Mientras, el carro de Cibeles se deslizaba sigilosamente
Paseo del Prado abajo hasta Neptuno para su acostumbrado encuentro amoroso
mientras la Minerva sobre el edificio del Círculo de Bellas Artes sacudía la
polución de su peplum.
Campanita, indecisa, no sabía por donde empezar su
periplo. El centro de la ciudad debía ser aquello tan iluminado. Sacudió las
alas y se encaminó hacia aquel lugar que resultó ser un palacio y, metiéndose
por una calleja, algo llamó su atención: un hombre apalancado junto a una valla
no separaba la vista de lo que había allí abajo, que cuando ella también se
acercó a mirar, un hada es curiosa por naturaleza, resultó no ser mas que unas
piedras amontonadas, sin embargo eso le permitió escuchar la queja del hombre.
-Este mes se me acaba el paro y daría cualquier cosa por
un trabajo de lo que sea.
Algo se quebró en el corazoncito bello y diminuto del hada,
no siempre generoso y, a pesar de que desconocía lo que era un trabajo, algo
que en Nunca Jamás no existe, decidió que había algo que sí podía hacer.
Sacudiendo sus alas sobre un papel del suelo y lanzando un poco de su polvo mágico
sobre él lo convirtió en un billete de 100 euros que lanzó con un soplo hacia
el hombre.
-Caramba, que suerte la mía-exclamó -Al menos con esto
comeremos unos días.
Satisfecha consigo misma siguió un camino cualquiera por
la ciudad hasta una plaza donde un barrendero barría sin cesar los desperdicios
urbanos consistentes en su mayor parte por los plásticos varios dejados tras un
botellón. El hada se aproximó a él y le escuchó murmurar.
-Aún me queda un rato para terminar la faena y creo que
estoy cogiendo la gripe…
Extrañada de su arrebato, el segundo que sentía en una
noche, se paseó soplando por la plaza hasta que los restos aún sin recoger
quedaron amontonados en un solo lugar. La gente de Madrid parecía ejercer un
extraño poder sobre ella.
Una repentina ráfaga de viento la desvió un poco conduciéndola
hacia un lugar oscuro. La luna asomó justo en ese momento y pudo distinguir lo
que parecía un parque con un estanque en el centro donde unas sirenas tenían
una fiesta. Tocaban instrumentos y reían acompañadas por niños, tortugas y
tritones.
Si hay alguien a quien Campanita detesta es a las sirenas,
a las que tiene por unas presumidas sin remedio y porque tienen siempre un
especial interés en salpicarla.
-¿Quién eres?-preguntaron solícitas.
De todos es sabido que Campanita se llama precisamente
así porque su lenguaje consiste en una serie de tintineos.
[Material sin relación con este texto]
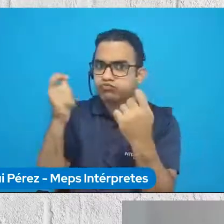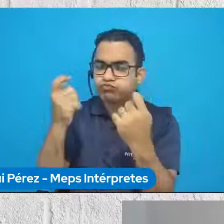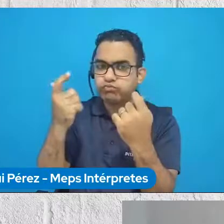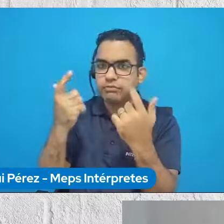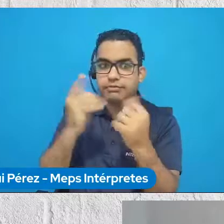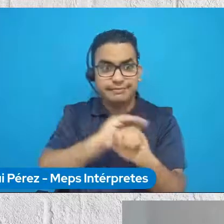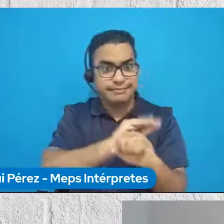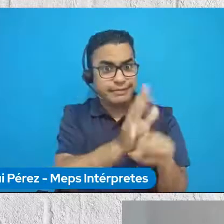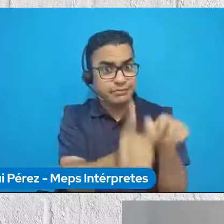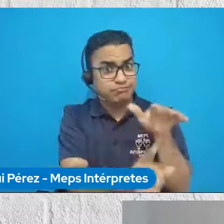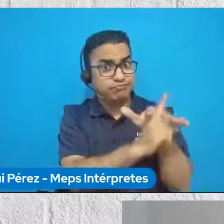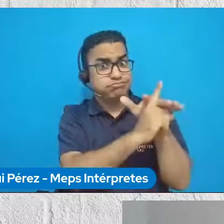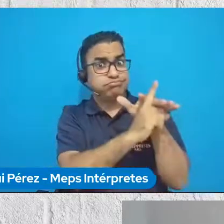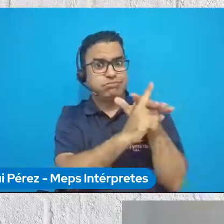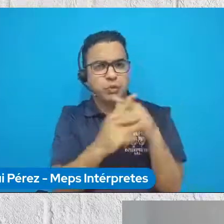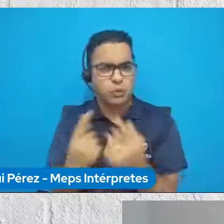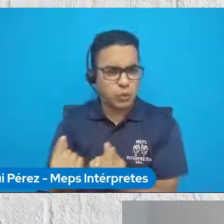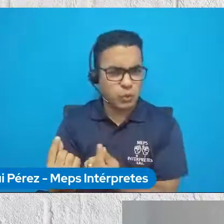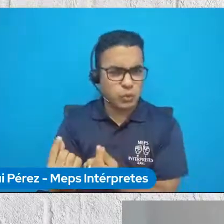pandemia del COVID-19.

-Soy Campanita, y vengo de Nunca Jamás.
Mira por donde, ellas la entendieron.
-Bienvenida. Este lugar se llama El Retiro, y ese señor
que ves ahí, en su caballo subido en una columna es el rey Alfonso XII. Anda,
puedes unirte a la fiesta si quieres.
Justo en ese momento el caballo decidió hacer una
necesidad, algo que causó la risa de todos los presentes. Desde luego estas
sirenas eran mas simpáticas que las que ella conocía. Descansó un poco y bebió
agua antes de reemprender su ruta hacia el lugar que las sirenas le
recomendaron, llamado “Malasaña”, cuyo camino le indicaron.
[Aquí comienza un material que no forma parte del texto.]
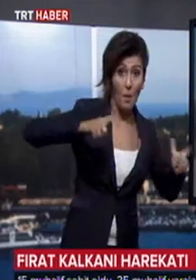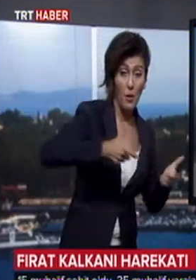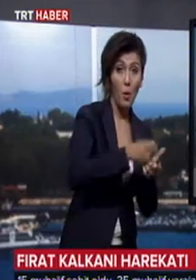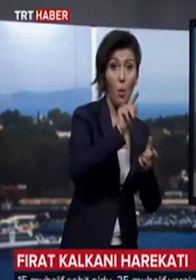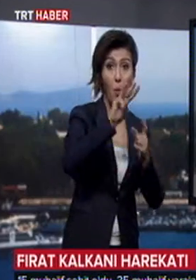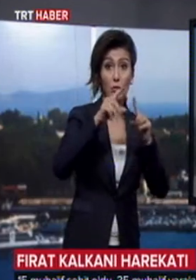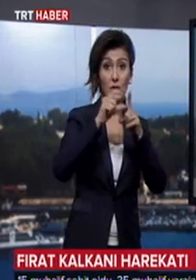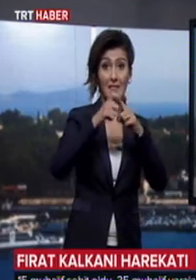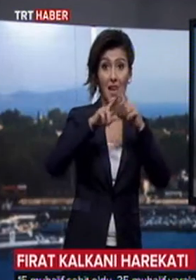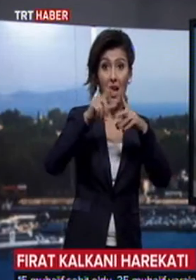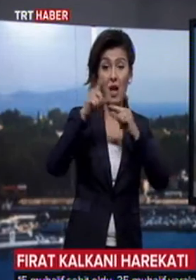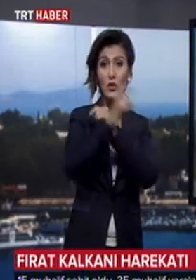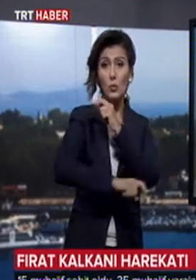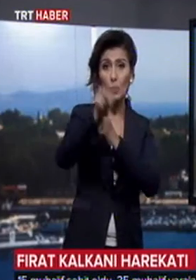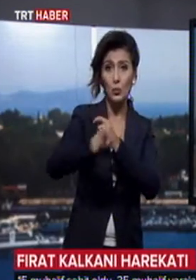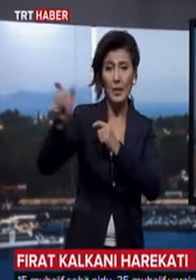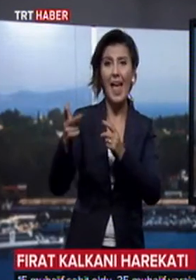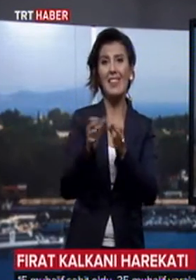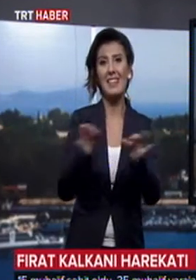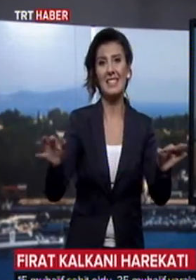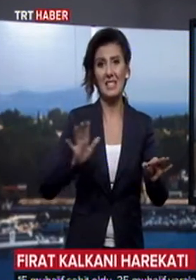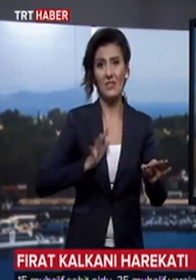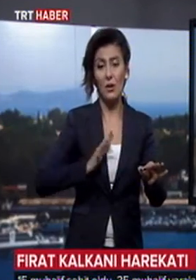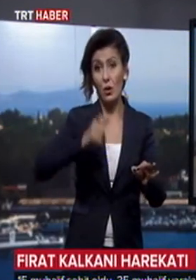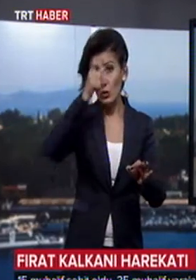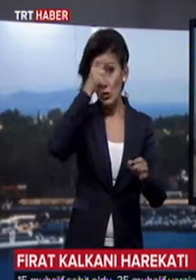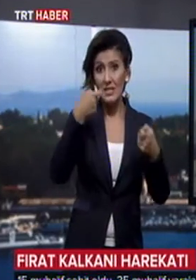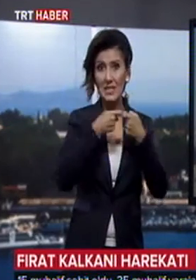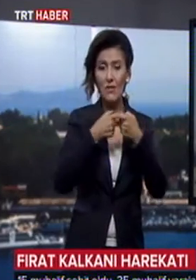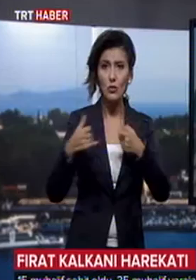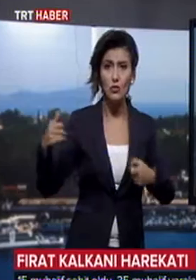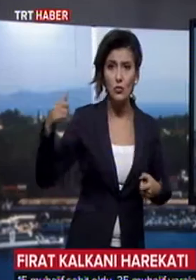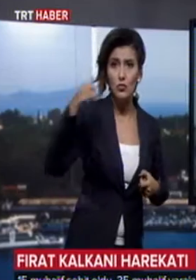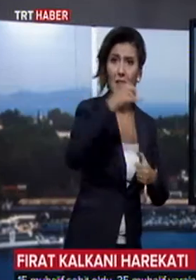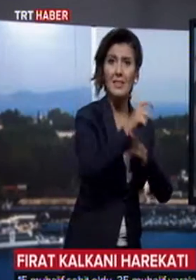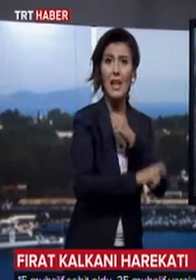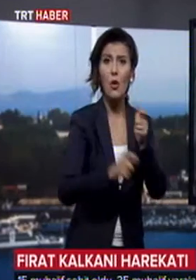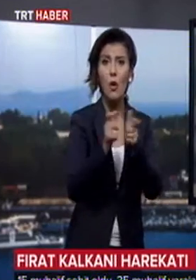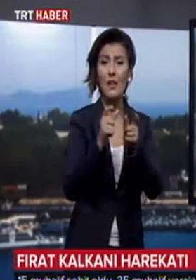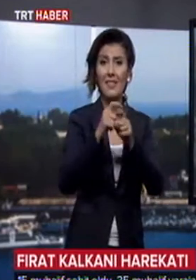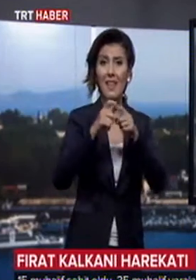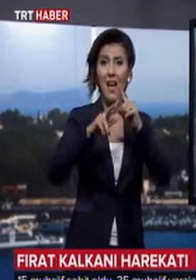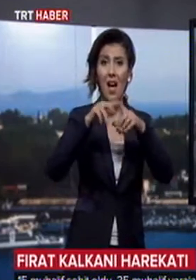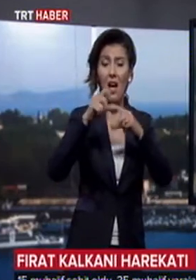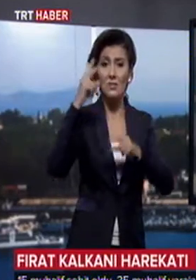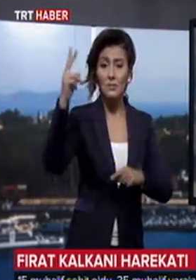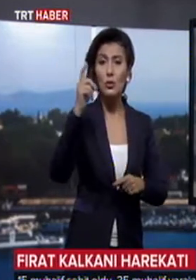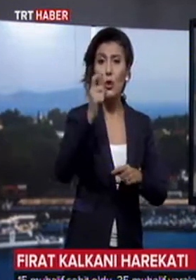etkisiz hale getirildi. Ayrıca, Türk savaş uçakları, terör örgütü DAEŞ'a ait 9 binayı imha etti.

Siguiendo las indicaciones arribó a un lugar, llamado Paseo
de Recoletos, donde un niño y una niña leían un libro. Sin dudarlo un instante,
se plantó encima de la página por la que estaba abierto.
-Mira, es Campanita- dijo la niña.
El niño la quiso coger, menos mal que reaccionó a tiempo
y salió volando.
“¡Condenados críos!”,
pensó. Después de las sirenas, el hada detestaba a los Niños Perdidos de Nunca
Jamás y, por extensión, tampoco le agradaban los demás.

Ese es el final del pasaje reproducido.